说完,他转身走向树林深处,墨色衣袍在月光下如鬼魅般飘动。临走前还不忘回头丢下一句,“记得多喝热水。”
叶北:“……”
好熟悉的配方。
直到沉舟的身影完全消失,临渊才长出一口气。
他低头看向怀中的叶北,声音不自觉地放柔,“殿下可还疼?”
叶北摇摇头,脸色绷直,“无碍。孤没有那么脆弱,你别这么紧张,就当什么事儿都没发生过。”

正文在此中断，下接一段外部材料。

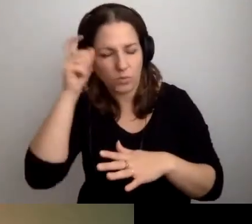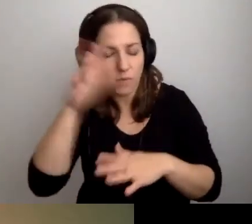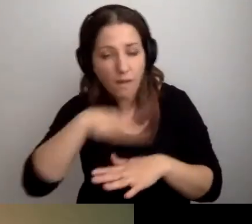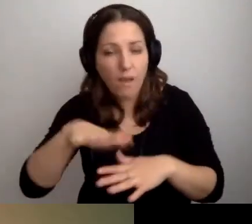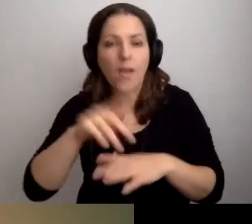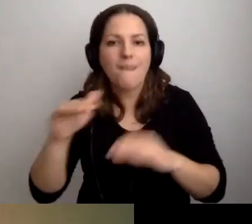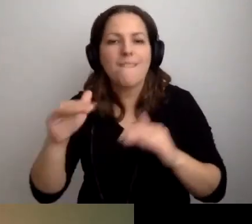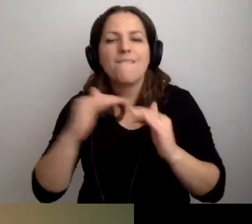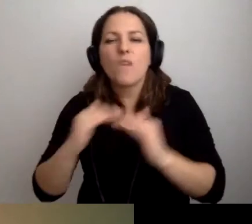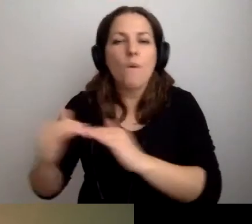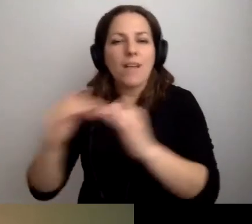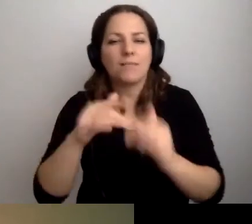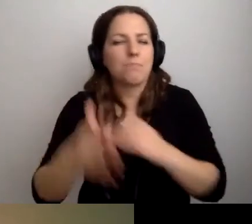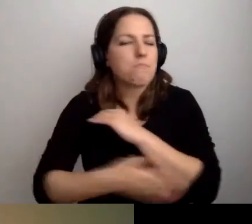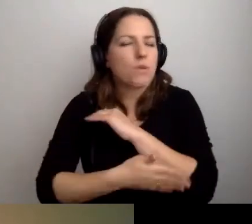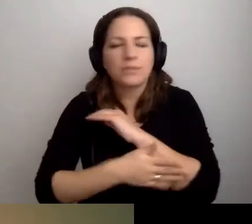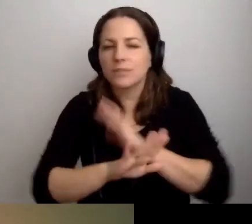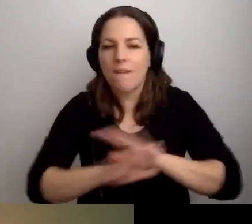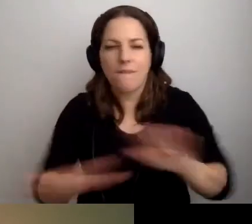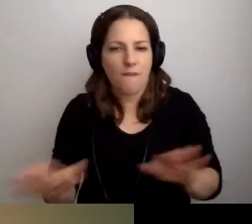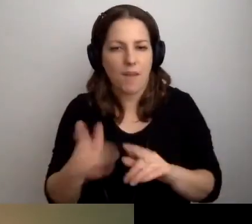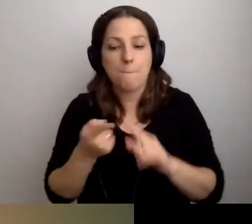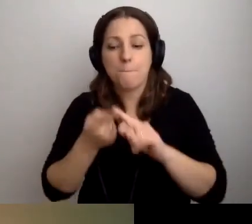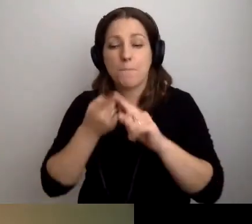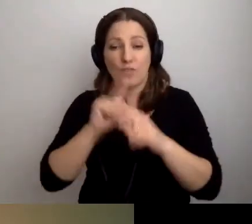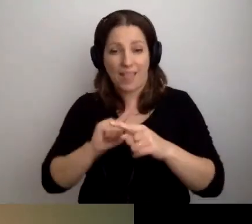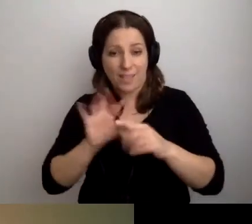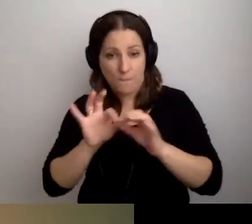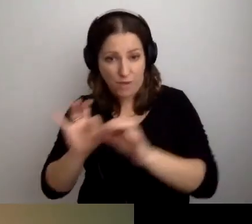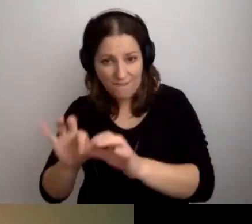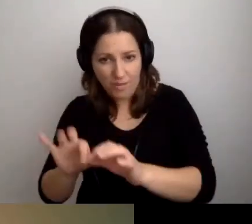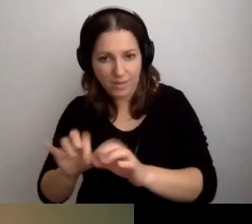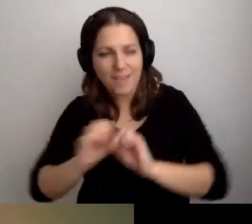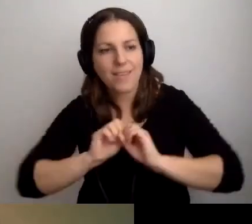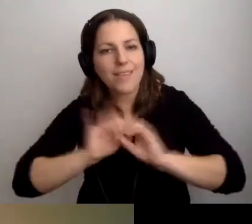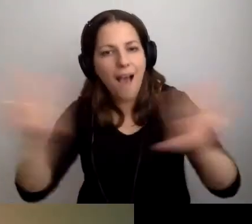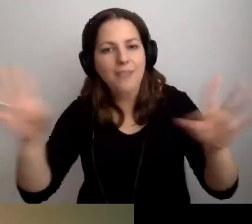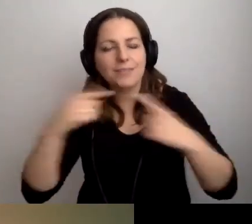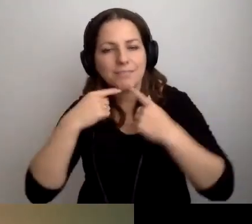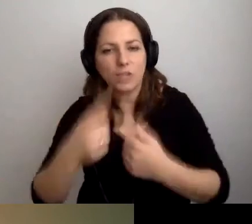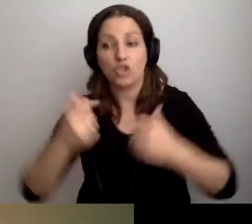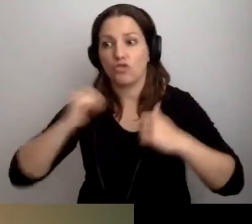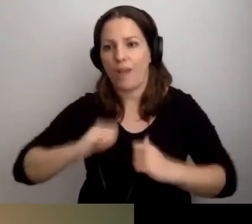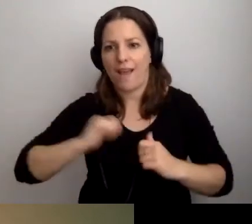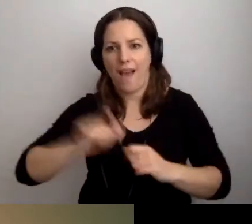Poziom najbardziej podstawowy: przedprzewodnik i jasny komunikat, że czekamy, że zapraszamy.

临渊耳根又红了,却仍板着脸道,“不行。回营后要让军医看看。”
“不用了!真的!”
“殿下,”临渊语气严肃,“沉舟的药,不可尽信。”
叶北无奈,任由他抱着自己上马。
临渊的动作小心翼翼,仿佛她是什么易碎品,这让叶北更加窘迫。
“临渊将军,其实孤自己可以,她小声抗议。”
临渊充耳不闻,一手控缰,一手稳稳地环住她的腰,“别乱动。”
马背上的颠簸让叶北不得不靠在临渊胸前。
隔着铠甲,她能听到男人有力的心跳声,莫名让人安心。
夜风拂过,带着冷意。
临渊突然解下披风裹住她,“冷吗?”
叶北摇摇头,却也没拒绝他的好意。她偷偷抬眼,看到月光下临渊紧绷的下颌线,和微微泛红的耳尖。
这个发现让她心情莫名好了起来。
“将军。”她轻声道。
“嗯?”
“谢谢你。”
临渊身体一僵,半晌才低声道:“……职责所在。”
叶北无声地笑了。
她悄悄往他怀里靠了靠,闭上眼睛。
叶北在军中的大夫诊脉后便沉沉睡了过去。
梦境如潮水般涌来——
她感觉自己被禁锢在一尊粗糙的雕塑中,视线低矮,只能看到一双稚嫩蜡黄的小手正虔诚地捧着她。
“叶北姐姐,求求你保佑我们不被妖魔吃掉,保佑阿爹阿娘还有妹妹都平安…”
稚嫩的童音在耳边响起,叶北认出了这个声音——
是她们之前救过的那个叫阿榆的孩子。